Now actor David Strathairn, an Academy Award nominee for “Good Night and Good Luck,” tells Karski’s story at Berkeley Repertory Theatre in the solo show “Remember This: The Lesson of Jan Karski.”
“He’s exemplary of someone who accepted the civic responsibility of speaking truth to power, bearing witness to the events firsthand, being a courier of information critical to survival of states and nations and people — a man who exemplified in his life a real deep sense of duty and sacrifice for others,” Strathairn says. “From what we learned from people who knew him and had him as a teacher, he was an extremely humble, gracious person whose deep faith put him on a path of bearing witness for humanity.”
It’s a story that Karski himself kept quiet about for decades while he taught as a professor at Georgetown University.
“He became a teacher after feeling that he had failed in his attempt to bring the horrors of the Holocaust to the West,” Strathairn says. “Roosevelt gave him a meeting and didn’t really ask any questions about the Jewish situation. Justice Felix Frankfurter, himself a Jew, said, ‘I do not believe you. I don’t say you’re lying, but I do not believe you.’ He felt that he had done everything possible to bring what was happening in Europe at the time to the highest levels of power in the world, and they did nothing. And then he became silent for 35 years.”
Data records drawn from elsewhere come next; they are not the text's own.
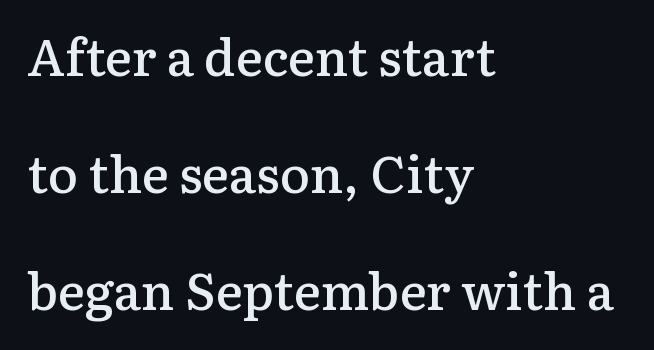
The image shows 51 px semibold serif type, upright; set left-aligned, loose line spacing (2.29x), normal letter spacing, not underlined; low stroke contrast and a medium x-height.
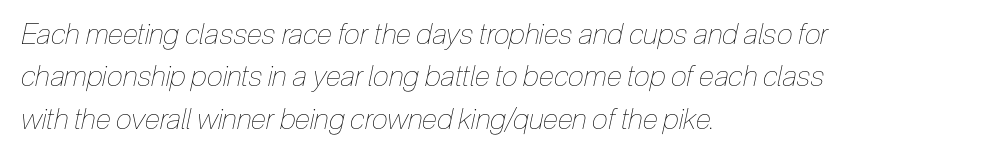
Spacing verdict: proportional, widths tailored to each character. The strokes carry an ordinary text weight at most. You could call the tracking neutral — neither tight nor loose. A classic flush-left, rag-right setting is used for this passage. Anything drawn beneath the words? Only blank space.
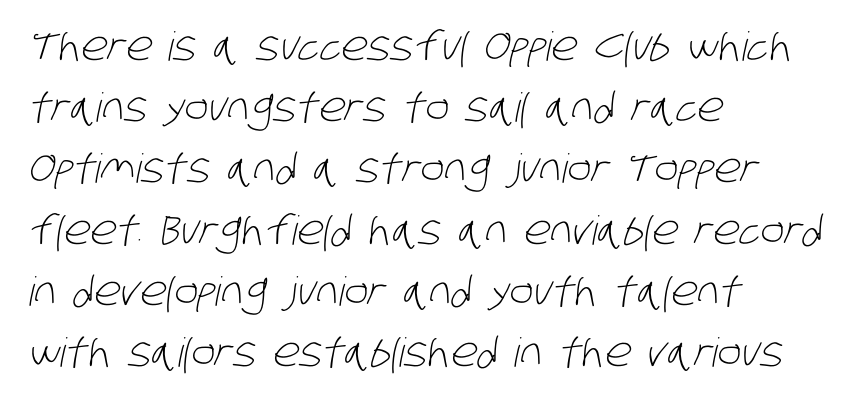
The image shows 40 px light, condensed sans-serif type; set left-aligned, normal line spacing (1.53x), normal letter spacing, not underlined; low stroke contrast and a large x-height.
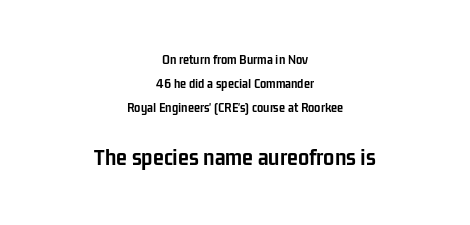
{"italic": "no", "bold": "yes", "underline": "no", "align": "center", "line_spacing_ratio": 1.72, "letter_spacing": "normal", "letter_spacing_em": 0.0, "larger_block": "second", "size_ratio": 1.79, "glyph_px": 25}
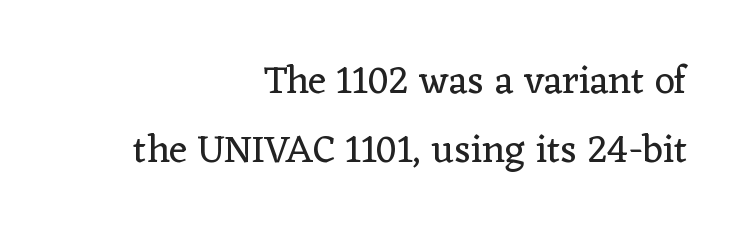
Q: Is the text bold? A: No.
Q: Is the text italic (slanted)? A: No, it is upright.
Q: Is the typeface a serif or a sans-serif typeface? A: Serif.
Q: Is the text underlined? A: No.
Q: How is the paragraph aligned? A: Right-aligned.
Q: Is the spacing between letters normal or unusually wide? A: Normal.
Q: Width (condensed, normal, or wide)? A: Normal.
Q: Stroke contrast? A: Low.
Q: x-height? A: Medium.
Q: Monospaced? A: No.
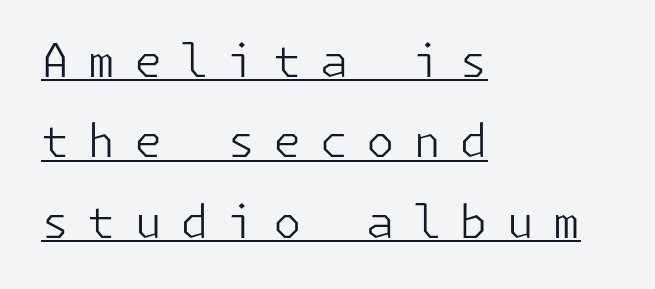
The image shows 46 px light sans-serif type, upright; set left-aligned, line spacing 1.75x, unusually wide letter spacing (+0.39 em), underlined; low stroke contrast and a medium x-height.
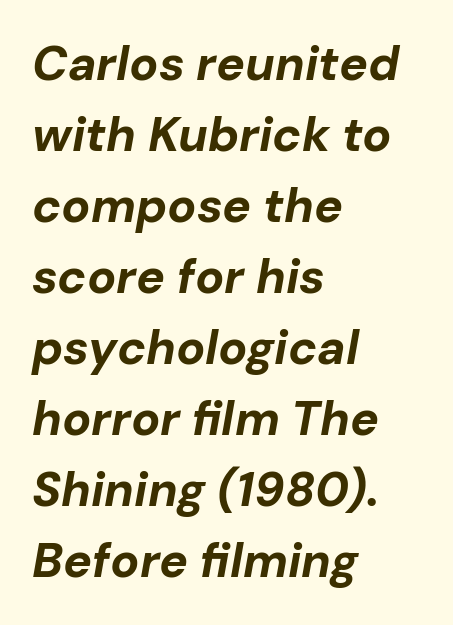
What's the leading like? Ordinary, nothing unusual. Slant detected: the letters are inclined. On the weight axis this lands at bold, roughly 700. Anything drawn beneath the words? Only blank space. These lines are rendered in a variable-pitch font.
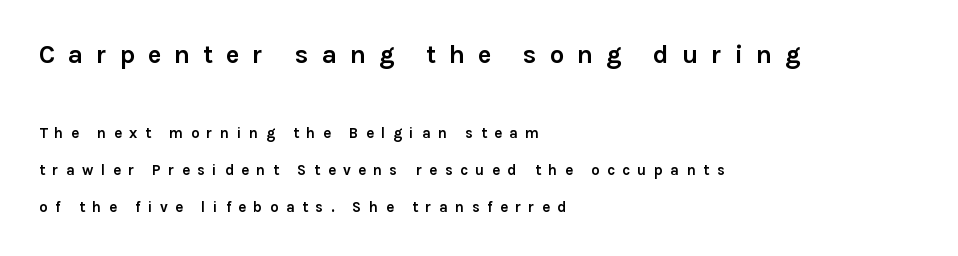
Whoever set this chose breathing room over compactness in the vertical rhythm. A typesetter would call this heavily tracked-out type. Character size in the leading block exceeds that of the trailing block. The passage shown is not underscored anywhere. If you drew a ruler down the left edge, every line would touch it. You'd pick this weight for a headline — it's a proper bold.
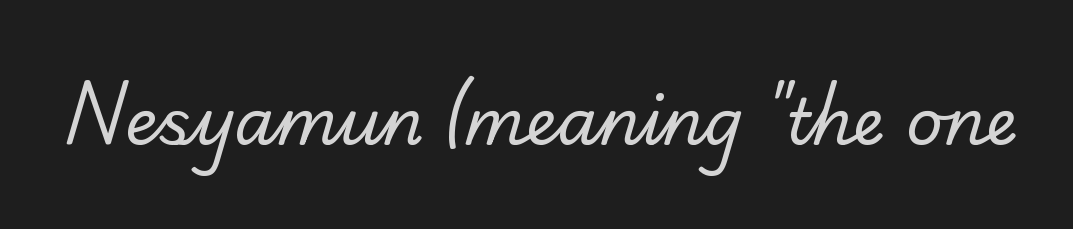
{"serif": "yes", "bold": "no", "weight": "regular", "width": "normal", "stroke_contrast": "low", "x_height": "small", "monospaced": "no", "underline": "no", "letter_spacing": "normal", "letter_spacing_em": 0.0, "glyph_px": 64}
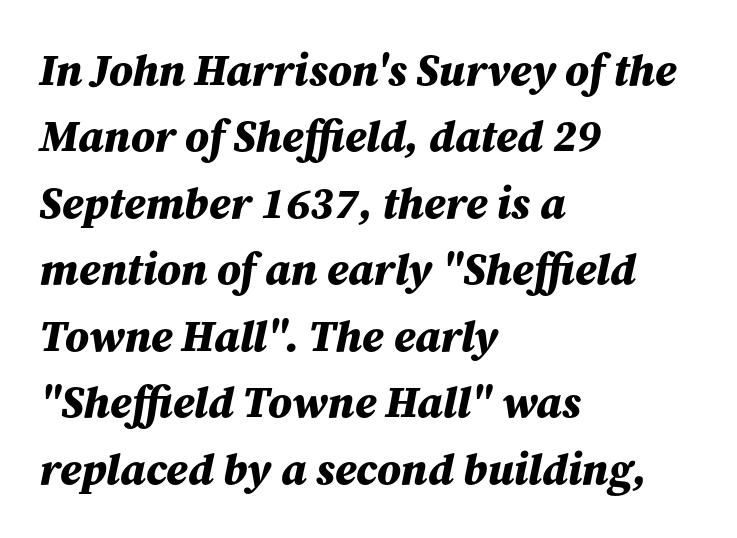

But once he started talking about it in Claude Lanzmann’s 9½-hour documentary “Shoah,” Karski’s account was unforgettable.
“I met him, so to speak, when I saw ‘Shoah’ in 1985 when it was released, and I remembered his testimony. It just stuck with me. Many years later, Derek Goldman, who I’d worked with before on an evening celebrating Studs Terkel, called me and said, ‘Would you be interested in participating in this celebration of Jan Karski?’ I remembered him immediately and said yes.”
“Remember This” is a production of Georgetown’s Laboratory for Global Performance & Politics, directed by Goldman, the university’s performing arts chair, who cowrote the play with Georgetown alum Clark Young. It began in 2014 as an ensemble play at Georgetown to celebrate the 100th anniversary of Karski’s birth and was later streamlined into a solo show. And Strathairn has been there playing Karski every step of the way.
A San Francisco native who grew up in the city and in Marin, Strathairn has performed locally in several plays at American Conservatory Theater (“The Tempest,” “Scorched,” “Underneath the Lintel,” “Chester Bailey”). He starred in Berkeley Rep’s 2020 radio play of “It Can’t Happen Here” early in the pandemic, joining much of the original cast of the company’s 2016 world premiere stage version.
A run of “Remember This” was briefly announced for this February at San Francisco’s Presidio Theatre but was soon canceled due to COVID concerns.
The play has also been recently adapted into a film that has made the rounds of several festivals, including the San Francisco Jewish Film Festival this July.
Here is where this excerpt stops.